▶ [ABOUT THIS EXERCISE]:
Transcribe the listing below verbatim, omitting pictures.

▶ [AVAILABLE DATA]:
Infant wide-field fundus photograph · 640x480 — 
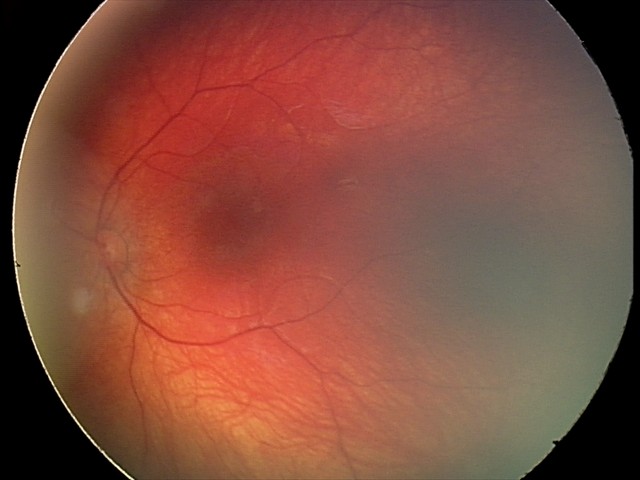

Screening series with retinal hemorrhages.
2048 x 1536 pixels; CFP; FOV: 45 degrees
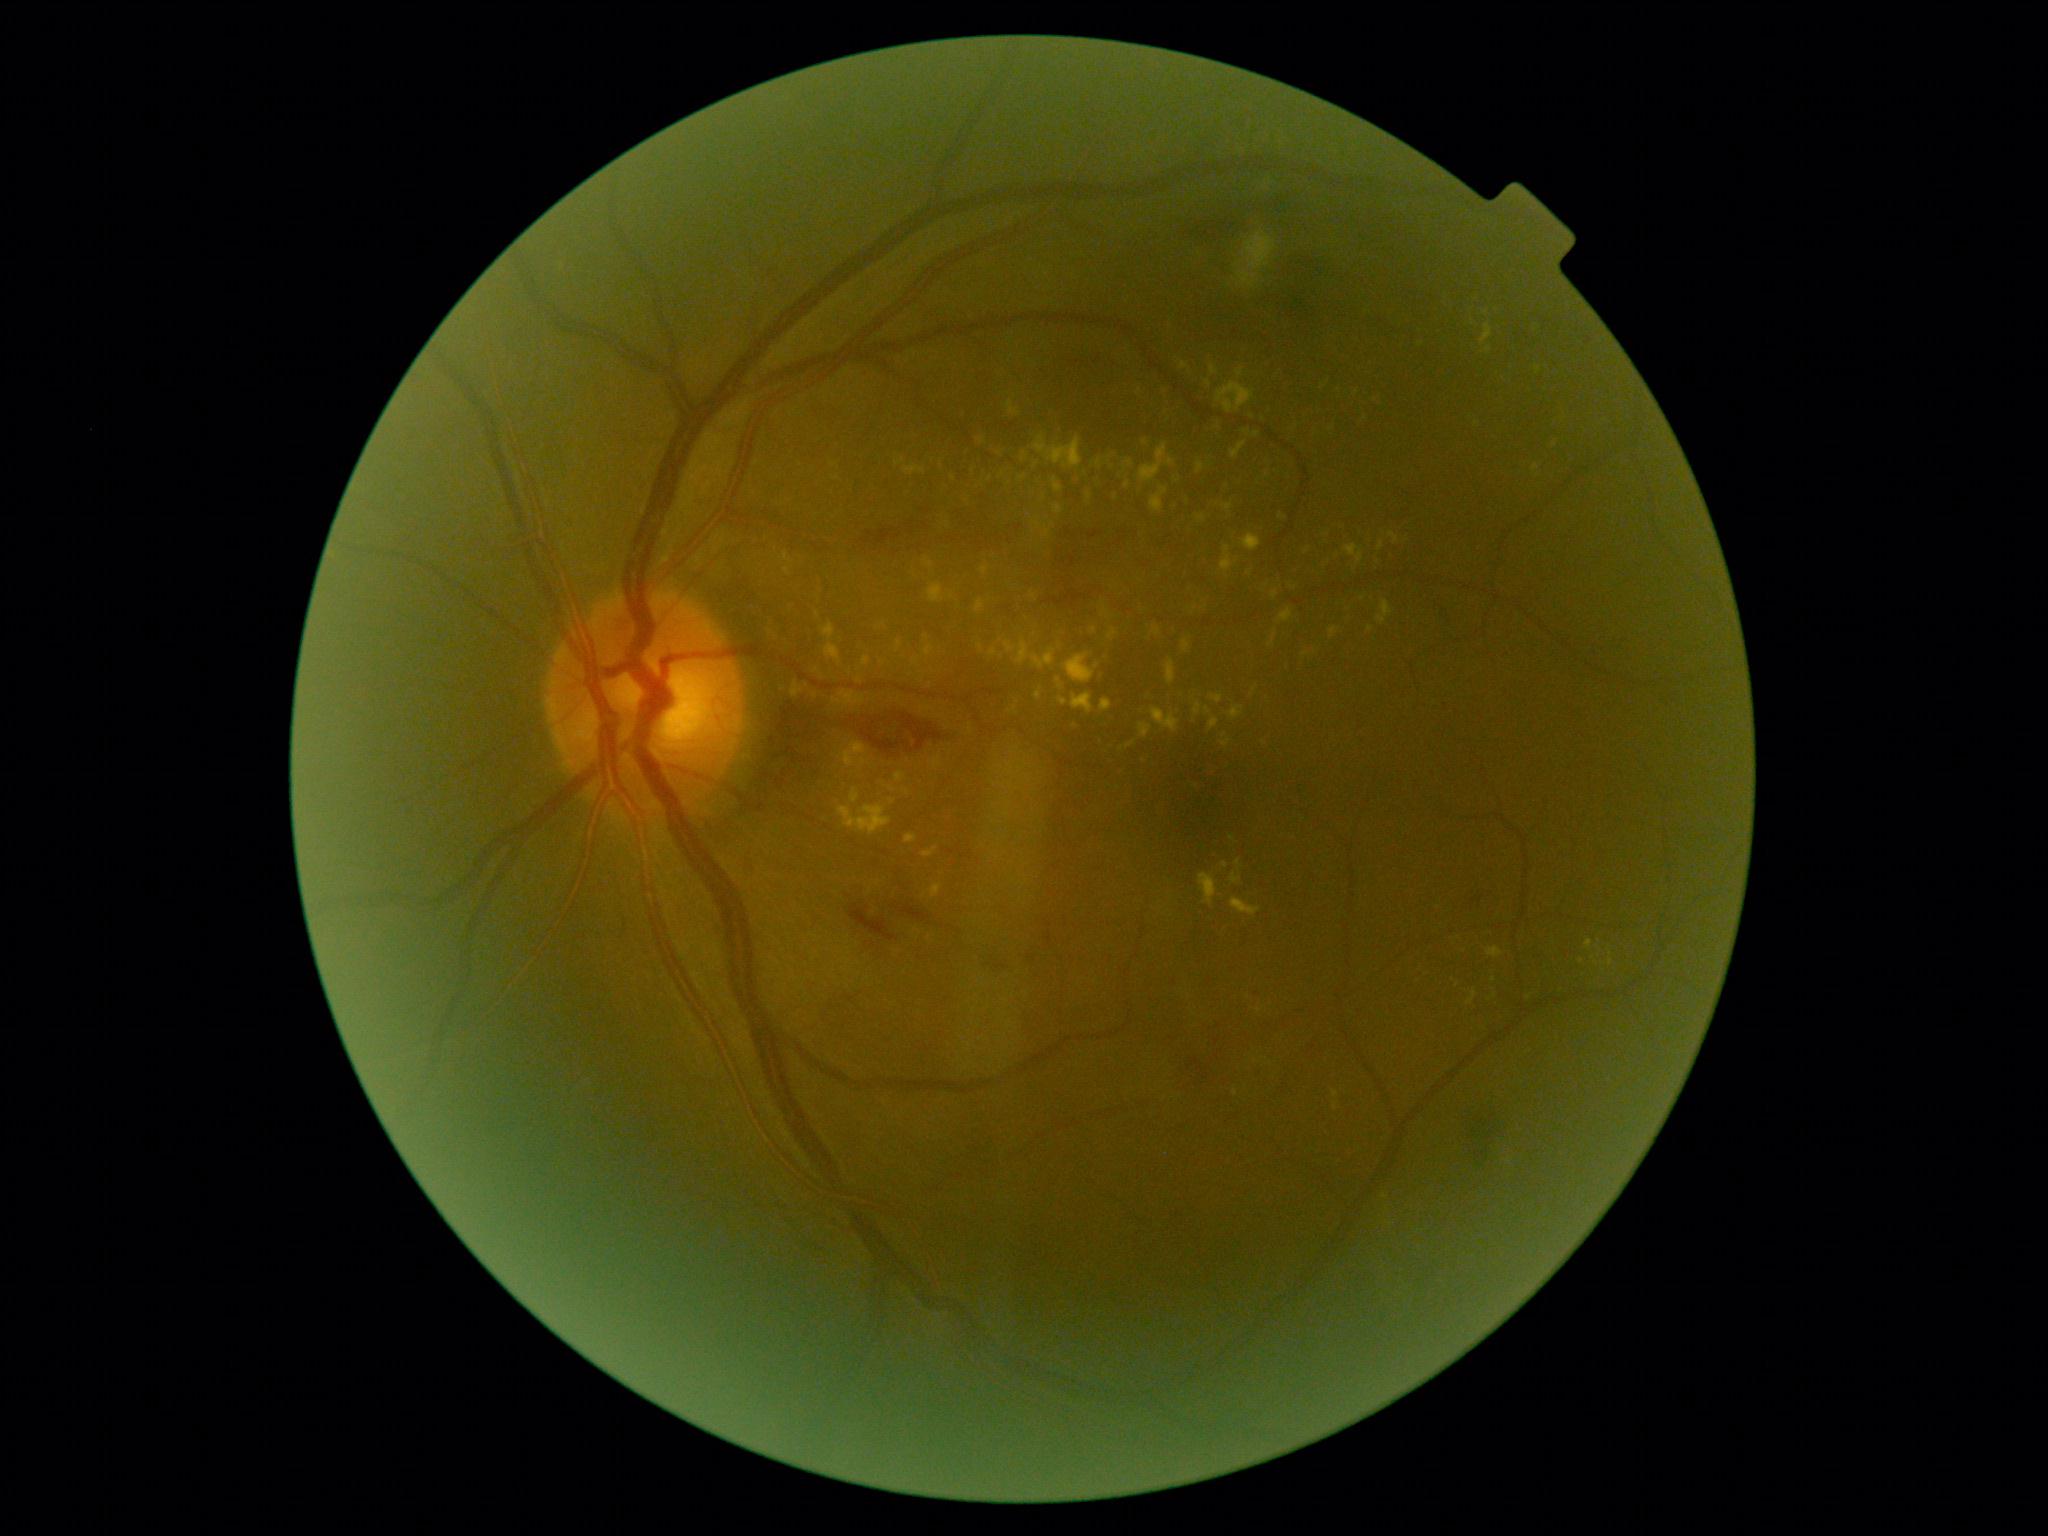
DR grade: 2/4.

▶ [PROBLEM SOLUTION]:
Infant wide-field fundus photograph · 640x480 — 

Screening series with retinal hemorrhages.
2048 x 1536 pixels; CFP; FOV: 45 degrees
DR grade: 2/4.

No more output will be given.